The mold is composed of two mirror-polished molds via a gasket made of, for example, polyethylene, ethylene-vinyl acetate copolymer, polyvinyl chloride or the like. Examples of the mold include a combination of glass and glass, glass and a plastic plate, and glass and a metal plate. As the gasket, in addition to using the above-mentioned soft thermoplastic resin (polyethylene, ethylene-vinyl acetate copolymer, polyvinyl chloride, etc.), two molds may be fixed with a polyester adhesive tape or the like. Also,
A known treatment method such as a mold release treatment may be performed on the mold.

As the radical polymerization reaction, as described above, a polymerization reaction using heat (thermal polymerization), a polymerization reaction using light such as ultraviolet rays (photopolymerization), a polymerization reaction using gamma rays, or the like, Are exemplified.

When polymerization by light is performed, after the curing is completed,
The cured product obtained by releasing the mold or the optical component made of the cured product may be annealed for the purpose of removing internal stress and strain.

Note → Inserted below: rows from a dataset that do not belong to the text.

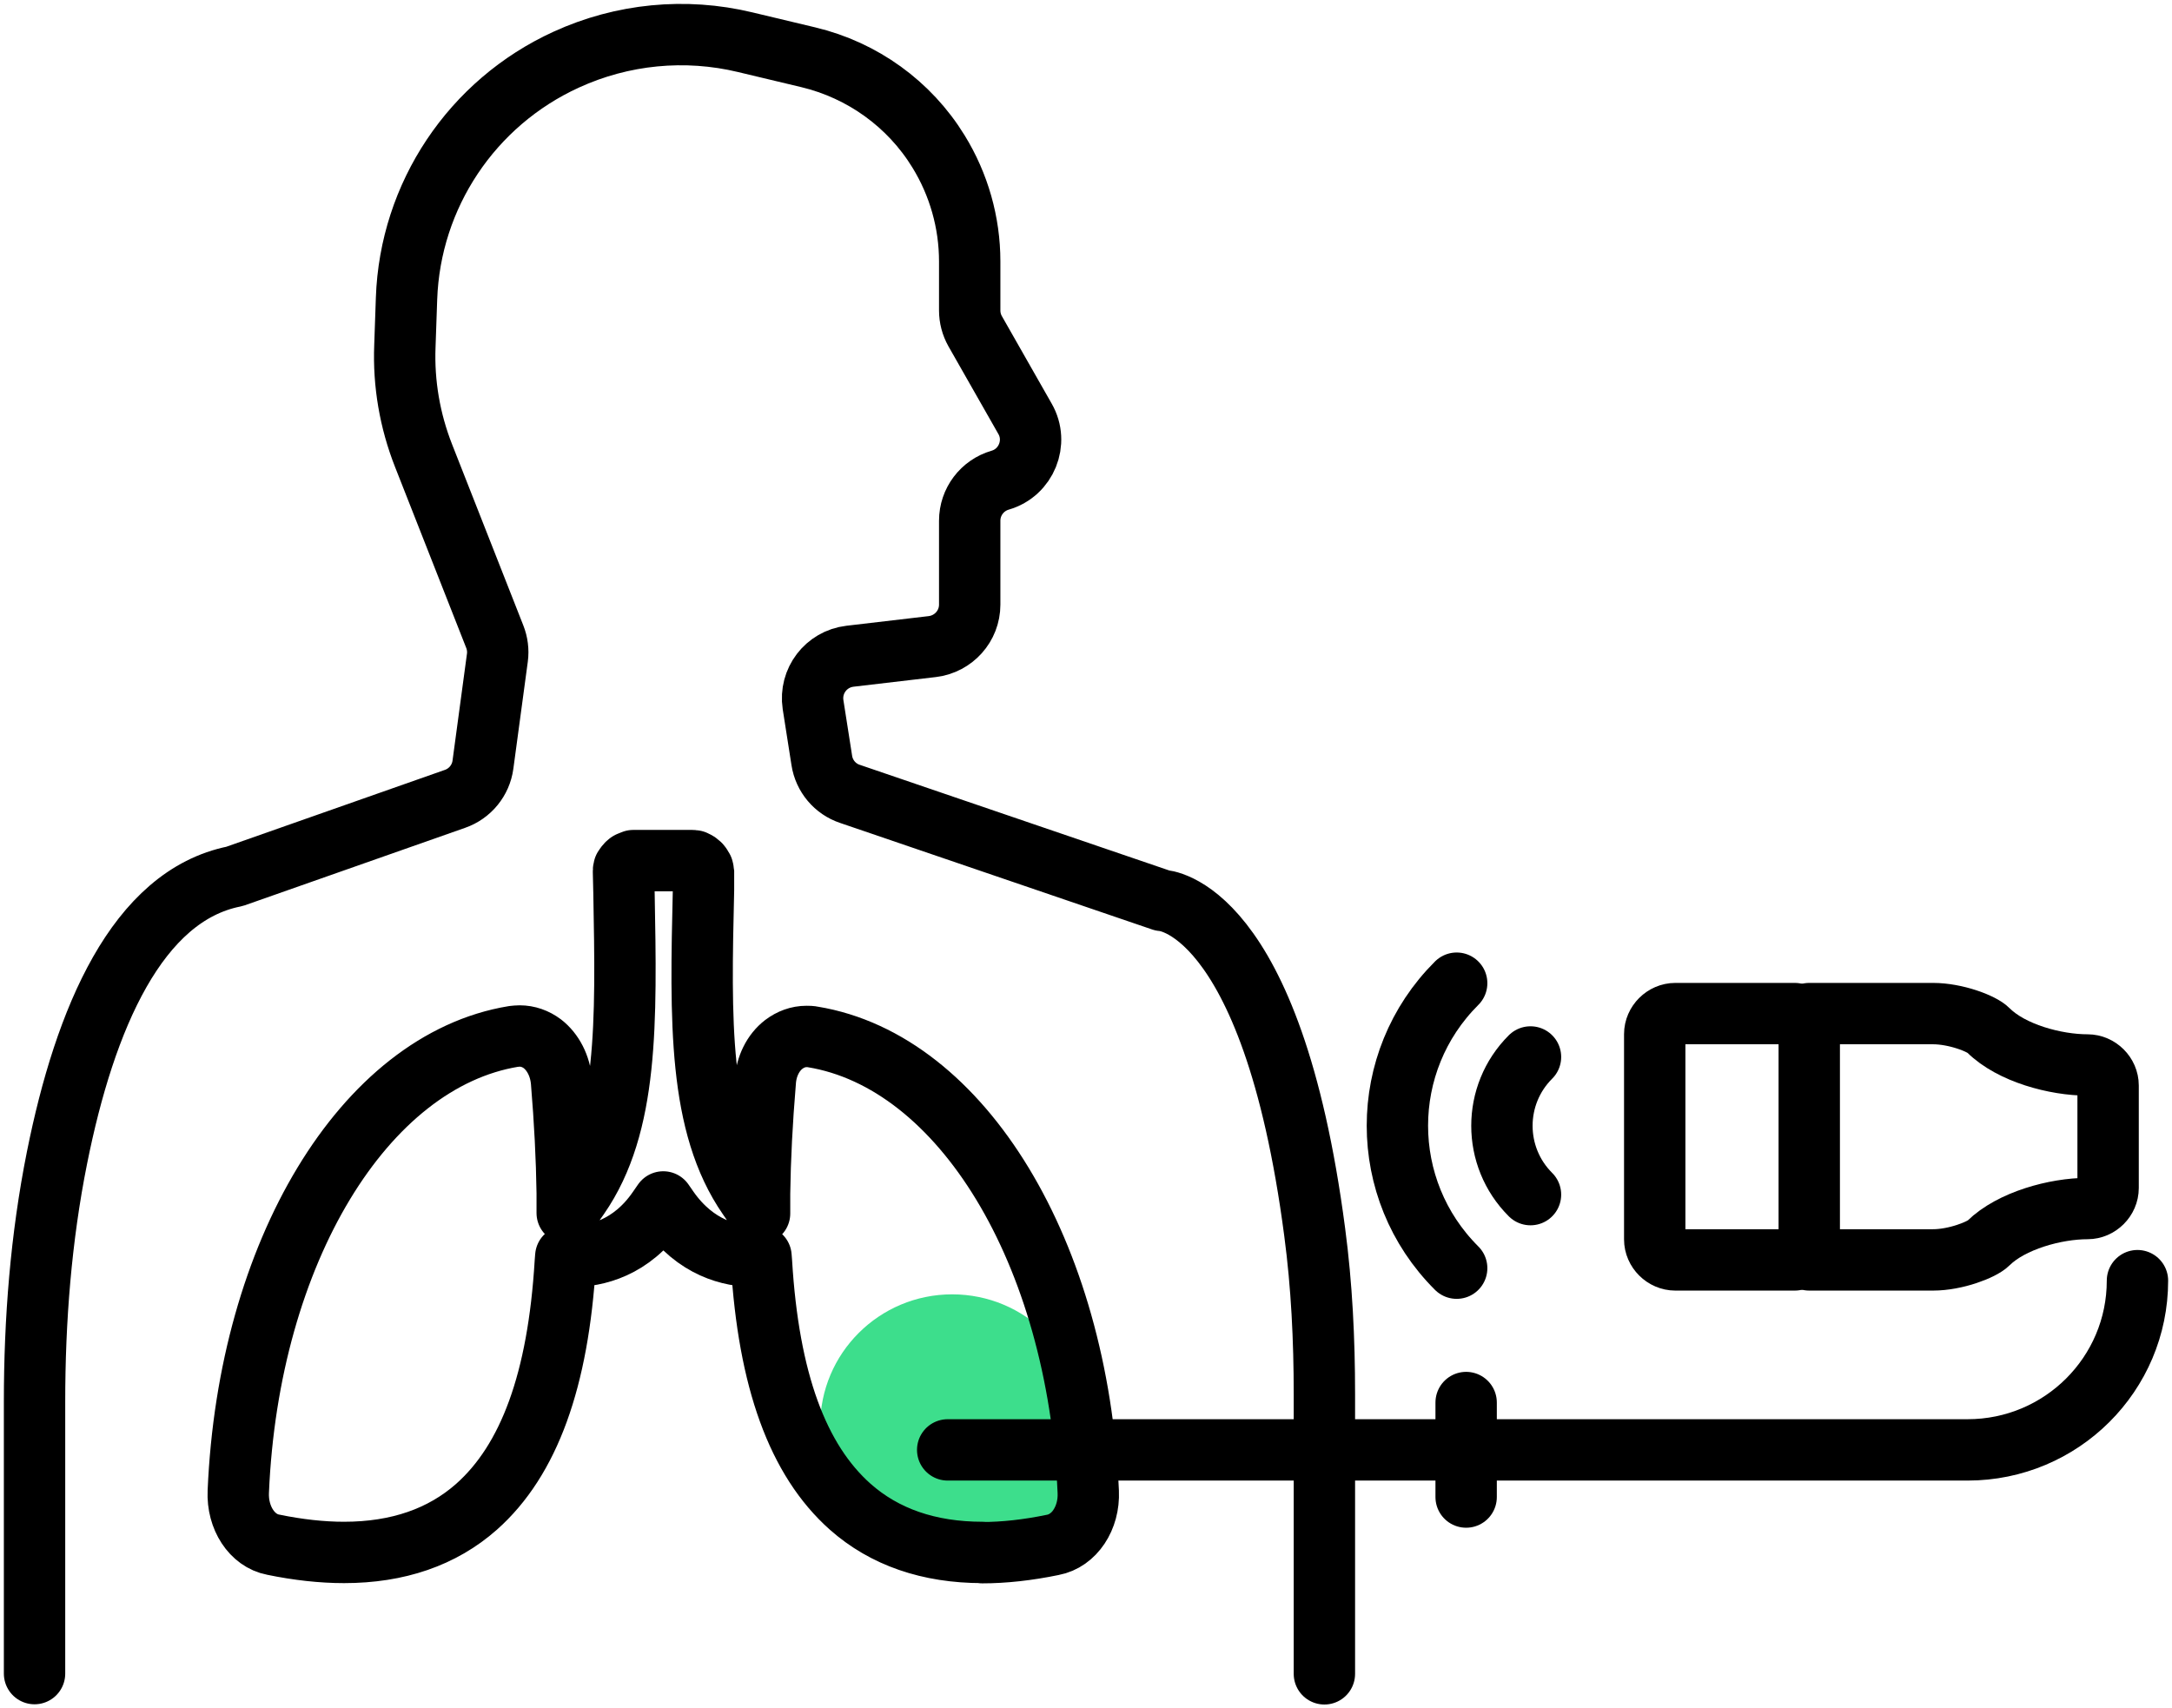 <?xml version="1.0" encoding="UTF-8"?>
<svg xmlns="http://www.w3.org/2000/svg" width="103" height="81" viewBox="0 0 103 81" fill="none">
  <g clip-path="url(#clip0_2302_7710)">
    <path d="M45.154 73.857C48.613 73.857 51.416 71.064 51.416 67.619C51.416 64.174 48.613 61.382 45.154 61.382C41.696 61.382 38.893 64.174 38.893 67.619C38.893 71.064 41.696 73.857 45.154 73.857Z" fill="#3DDE8C"></path>
    <path d="M85.113 59.749H79.447C78.919 59.749 78.47 59.302 78.47 58.777V49.04C78.47 48.515 78.919 48.068 79.447 48.068H85.113" stroke="black" stroke-width="2.91" stroke-linecap="round" stroke-linejoin="round"></path>
    <path d="M98.994 57.313C97.479 57.313 95.381 57.883 94.292 58.956C93.978 59.269 92.733 59.749 91.667 59.749H85.798V48.068H91.667C92.733 48.068 93.978 48.537 94.292 48.861C95.381 49.946 97.479 50.505 98.994 50.505C99.522 50.505 99.97 50.952 99.97 51.477V56.34C99.97 56.865 99.522 57.313 98.994 57.313Z" stroke="black" stroke-width="2.91" stroke-linecap="round" stroke-linejoin="round"></path>
    <path d="M72.579 56.653C70.772 54.853 70.772 51.925 72.579 50.125" stroke="black" stroke-width="2.91" stroke-linecap="round" stroke-linejoin="round"></path>
    <path d="M69.078 60.141C65.33 56.407 65.33 50.36 69.078 46.626" stroke="black" stroke-width="2.91" stroke-linecap="round" stroke-linejoin="round"></path>
    <path d="M46.591 73.622C44.055 73.622 41.945 72.895 40.318 71.454C37.827 69.24 36.447 65.451 36.11 59.861L36.088 59.582H35.807C34.64 59.582 32.991 59.191 31.7 57.357L31.453 57L31.206 57.357C29.939 59.191 28.278 59.582 27.111 59.582H26.83L26.808 59.861C26.471 65.451 25.091 69.24 22.6 71.454C20.973 72.895 18.863 73.622 16.316 73.622C15.272 73.622 14.139 73.499 12.95 73.253C11.951 73.063 11.244 71.979 11.3 70.738C11.783 59.392 17.27 50.315 24.35 49.152C24.451 49.141 24.552 49.13 24.642 49.13C25.035 49.13 25.405 49.264 25.719 49.499C26.224 49.89 26.561 50.538 26.628 51.287C26.785 53.165 26.875 54.943 26.898 56.575V57.525L27.447 56.742C29.793 53.355 29.703 48.504 29.591 42.367L29.568 41.383V41.316V41.271C29.568 41.249 29.579 41.238 29.591 41.215V41.16C29.591 41.16 29.624 41.126 29.636 41.104L29.658 41.059C29.658 41.059 29.68 41.025 29.692 41.014L29.736 40.969C29.736 40.969 29.759 40.947 29.77 40.936L29.815 40.902C29.815 40.902 29.849 40.88 29.86 40.88L29.916 40.858C29.916 40.858 29.961 40.846 29.972 40.835L30.028 40.813C30.028 40.813 30.073 40.813 30.084 40.813C30.129 40.813 30.14 40.813 30.152 40.813H32.822C32.822 40.813 32.879 40.813 32.89 40.824H32.935C32.935 40.824 32.991 40.858 33.002 40.858L33.047 40.88C33.047 40.88 33.092 40.902 33.103 40.914L33.137 40.947C33.137 40.947 33.181 40.981 33.193 40.992L33.226 41.037C33.226 41.037 33.26 41.07 33.271 41.093L33.294 41.137C33.294 41.137 33.316 41.182 33.327 41.193V41.238C33.327 41.238 33.361 41.282 33.361 41.294V41.394C33.361 41.394 33.361 41.428 33.361 41.439V42.199C33.215 48.426 33.114 53.344 35.482 56.765L36.02 57.547V56.597C36.043 54.954 36.133 53.176 36.29 51.31C36.335 50.572 36.66 49.923 37.165 49.532C37.49 49.286 37.861 49.152 38.242 49.152C38.343 49.152 38.444 49.152 38.545 49.175C45.615 50.337 51.113 59.403 51.607 70.749C51.663 71.99 50.945 73.074 49.924 73.264C48.734 73.51 47.612 73.633 46.58 73.633L46.591 73.622Z" stroke="black" stroke-width="2.91" stroke-linecap="round" stroke-linejoin="round"></path>
    <path d="M1.638 79.368V66.49C1.638 62.6 1.941 58.71 2.704 54.898C4.028 48.291 6.508 42.479 11.12 41.562L21.578 37.884C22.285 37.638 22.802 37.012 22.902 36.263L23.587 31.188C23.632 30.853 23.587 30.506 23.463 30.193L20.086 21.608C19.435 19.954 19.132 18.188 19.2 16.421L19.278 14.163C19.446 9.267 22.375 4.874 26.852 2.828C29.512 1.61 32.497 1.319 35.336 2.001L38.332 2.716C40.901 3.331 43.123 4.93 44.503 7.177C45.468 8.742 45.985 10.553 45.985 12.397V14.722C45.985 15.069 46.074 15.404 46.243 15.706L48.61 19.864C49.25 20.982 48.666 22.413 47.432 22.771C46.579 23.017 45.985 23.799 45.985 24.693V28.673C45.985 29.69 45.222 30.54 44.212 30.663L40.307 31.121C39.173 31.255 38.388 32.295 38.556 33.413L38.971 36.062C39.084 36.8 39.6 37.415 40.307 37.649L55.108 42.702C55.108 42.702 60.303 42.836 62.345 58.43C62.682 60.968 62.805 63.539 62.805 66.099V79.379" stroke="black" stroke-width="2.91" stroke-linecap="round" stroke-linejoin="round"></path>
    <path d="M44.941 68.759H93.305C97.76 68.759 101.362 65.16 101.362 60.733" stroke="black" stroke-width="2.91" stroke-linecap="round" stroke-linejoin="round"></path>
    <path d="M69.527 66.513V70.995" stroke="black" stroke-width="2.91" stroke-linecap="round" stroke-linejoin="round"></path>
  </g>
  <defs>
    <clipPath id="clip0_2302_7710">
      <rect width="103" height="81" fill="white"></rect>
    </clipPath>
  </defs>
</svg>

Among these methods, thermal polymerization requires several hours to several tens of hours, while photopolymerization using ultraviolet light or the like can be cured in a few seconds to several minutes. This is a preferable method in consideration of increasing productivity at the time.

In the case of performing thermal polymerization, the polymerization temperature is affected by the polymerization conditions such as the type of polymerization initiator, and is not limited, but is usually 25 to 200 ° C., preferably 50 to 170 ° C. .

As a method for molding an optical lens, as described above, for example, a method for obtaining a lens by performing cast polymerization using light or / and heat (for example, Japanese Unexamined Patent Publication No.
0-135901, JP-A-10-67736, JP-A-10-130250, etc.).

That is, the polymerizable composition containing the sulfur-containing (meth) acrylate compound represented by the formula (1) of the present invention produced by the above-mentioned method is optionally used,
After defoaming by a suitable method, it is preferably carried out by a method of injecting into a mold and polymerizing by irradiation of light. Further, the polymerization by heat is suitably performed by a method of performing polymerization by gradually heating from a low temperature to a high temperature.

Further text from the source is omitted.